Question

Keenan scored 80 points on an exam that had a mean score of 77 points and a standard deviation of 4.9 points. Rachel scored 78 points on an exam that had a mean score of 75 points and a standard deviation of 3.7 points. Find Keenan's and Rachel’s z-scores, to the nearest hundredth.

Answer 1

Keenan's z-score was of 0.61.

Rachel's z-score was of 0.81.

Explanation:

Z-score:

Problems of normal distributions can be solved using the z-score formula.

In a set with mean
`\mu` and standard deviation
`\sigma`, the z-score of a measure X is given by:

`Z = (X - \mu)/(\sigma)`

The Z-score measures how many standard deviations the measure is from the mean. After finding the Z-score, we look at the z-score table and find the p-value associated with this z-score. This p-value is the probability that the value of the measure is smaller than X, that is, the percentile of X. Subtracting 1 by the p-value, we get the probability that the value of the measure is greater than X.

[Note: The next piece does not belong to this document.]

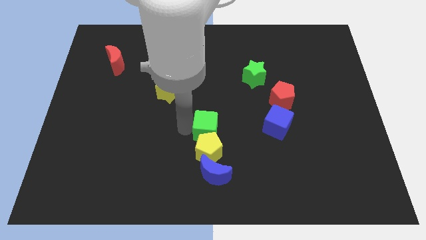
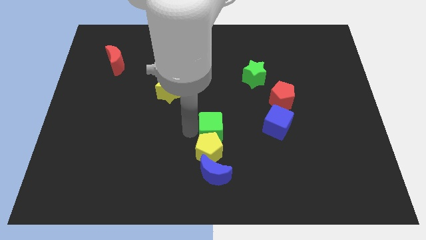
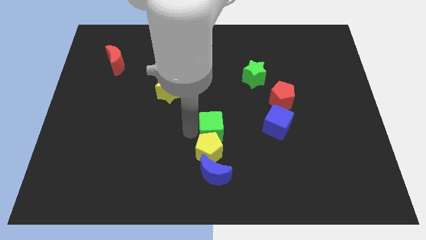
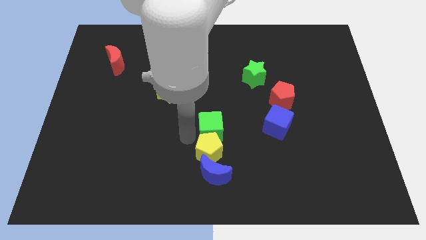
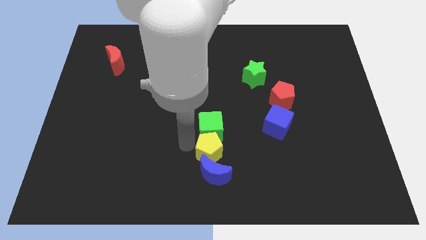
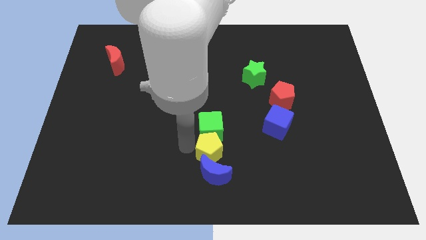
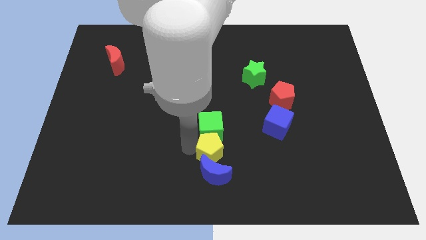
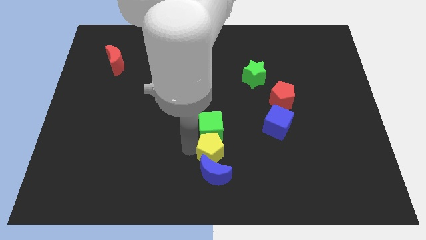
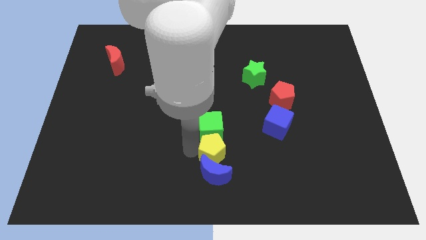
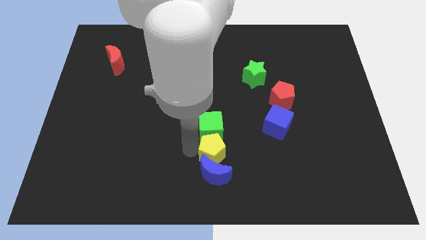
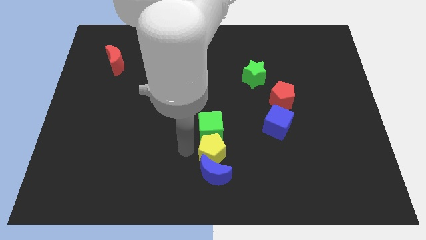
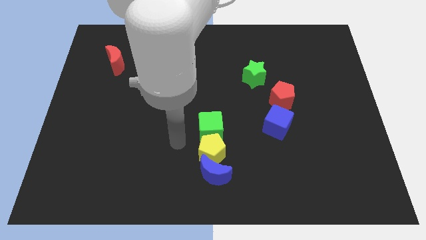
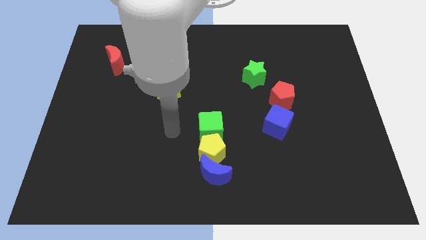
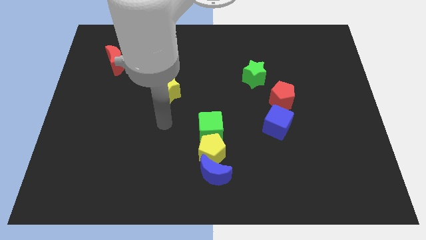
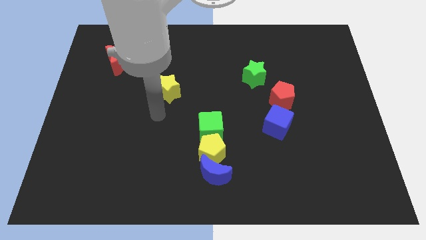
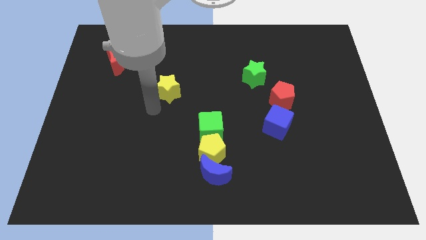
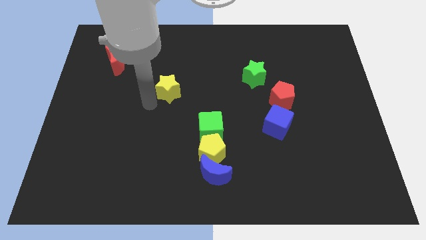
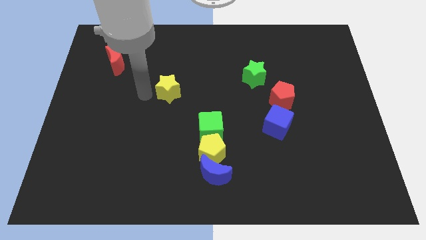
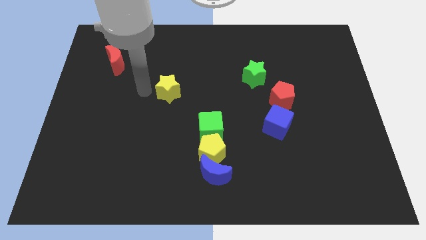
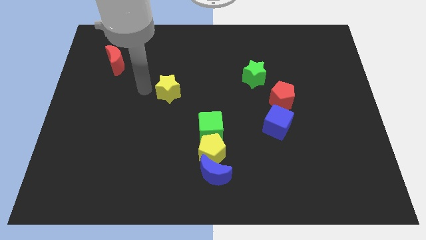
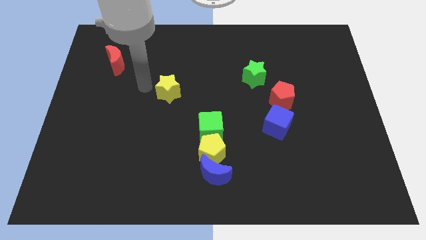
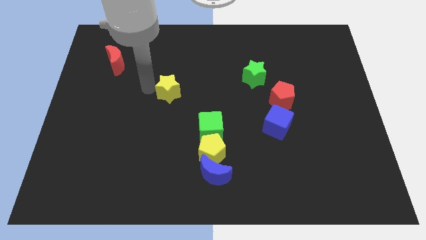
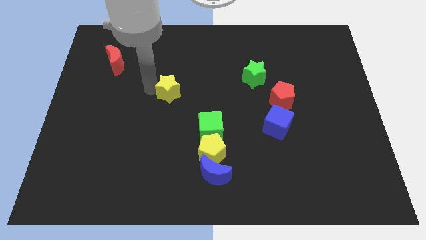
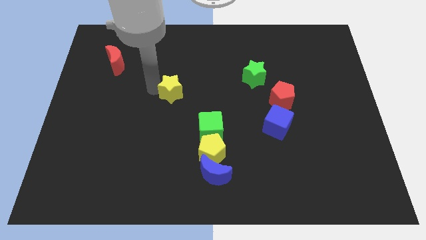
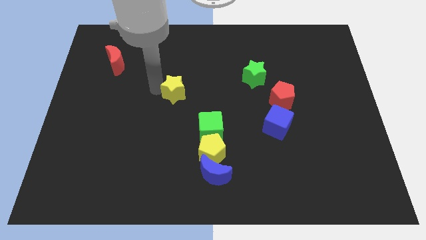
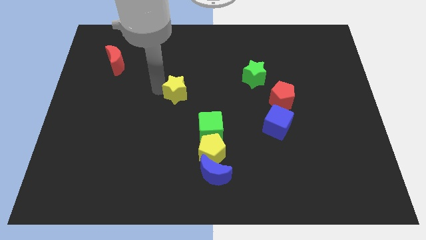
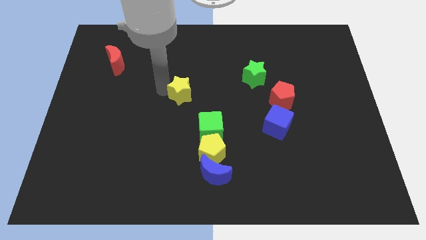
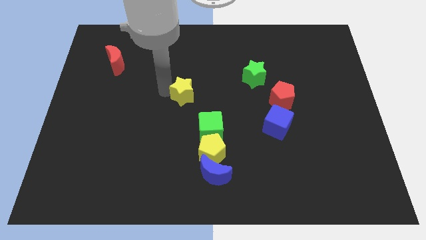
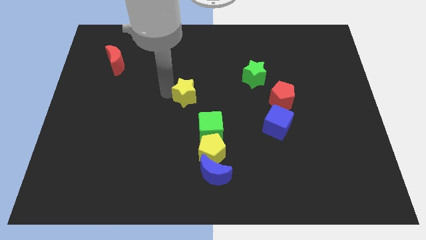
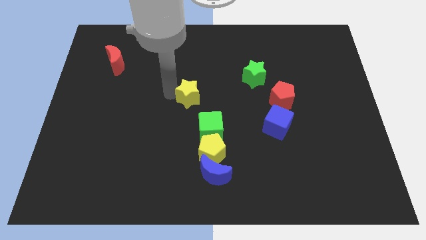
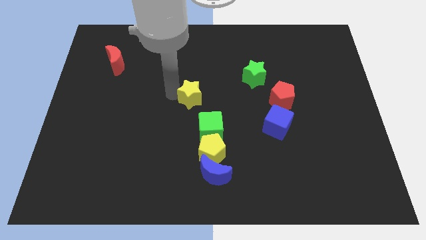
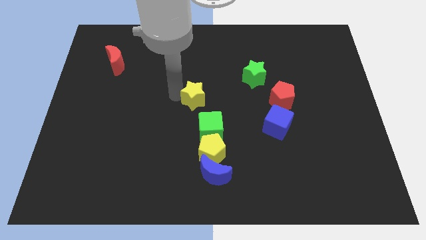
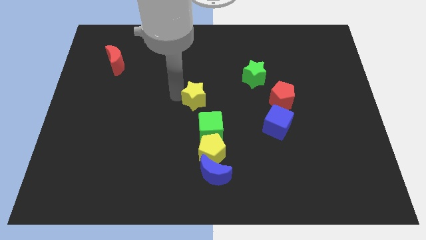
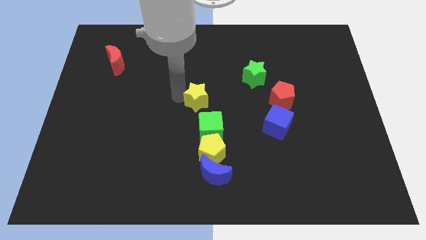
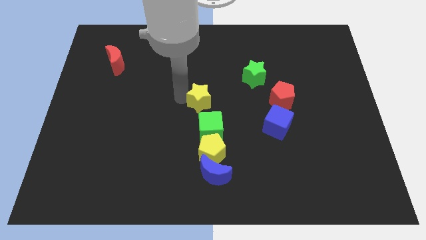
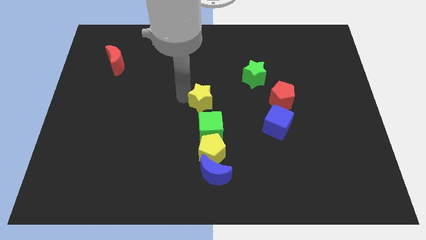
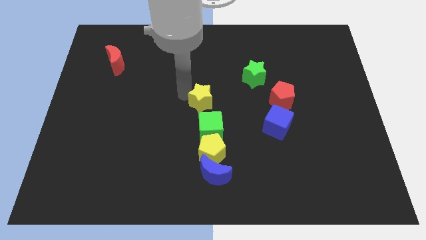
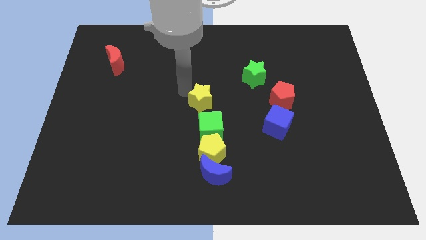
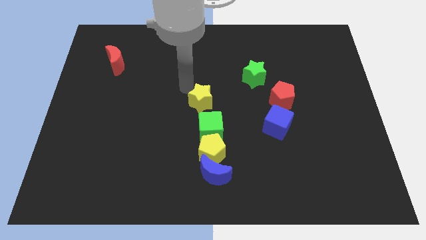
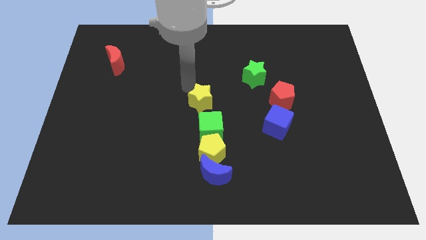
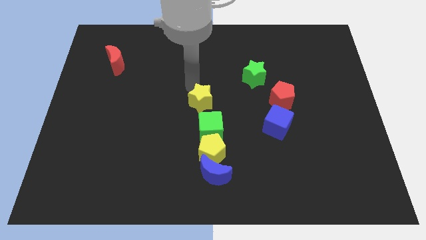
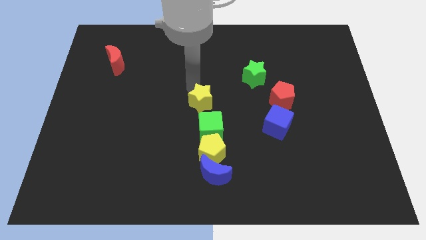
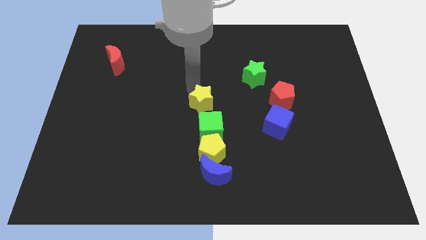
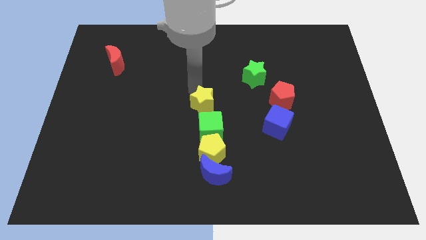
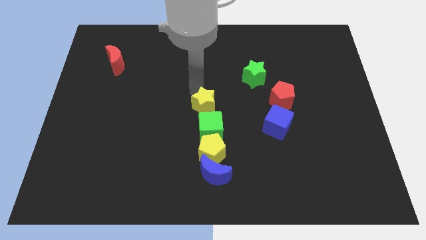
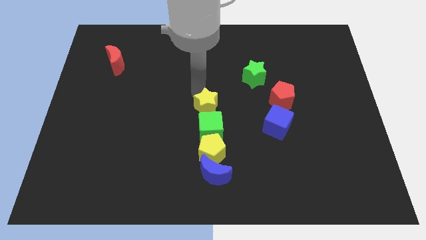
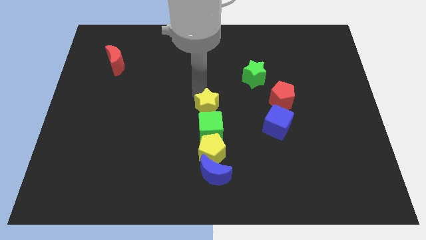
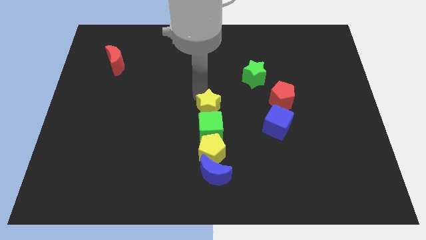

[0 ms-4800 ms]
place the yellow star above the green cube

Keenan scored 80 points on an exam that had a mean score of 77 points and a standard deviation of 4.9 points.

This means that
`X = 80, \mu = 77, \sigma = 4.9`

So

`Z = (X - \mu)/(\sigma)`

`Z = (80 - 77)/(4.9)`

`Z = 0.61`

Keenan's z-score was of 0.61.

Rachel scored 78 points on an exam that had a mean score of 75 points and a standard deviation of 3.7 points.

This means that
`X = 78, \mu = 75, \sigma = 3.7`. So

`Z = (X - \mu)/(\sigma)`

`Z = (75 - 78)/(3.7)`

`Z = 0.81`

Rachel's z-score was of 0.81.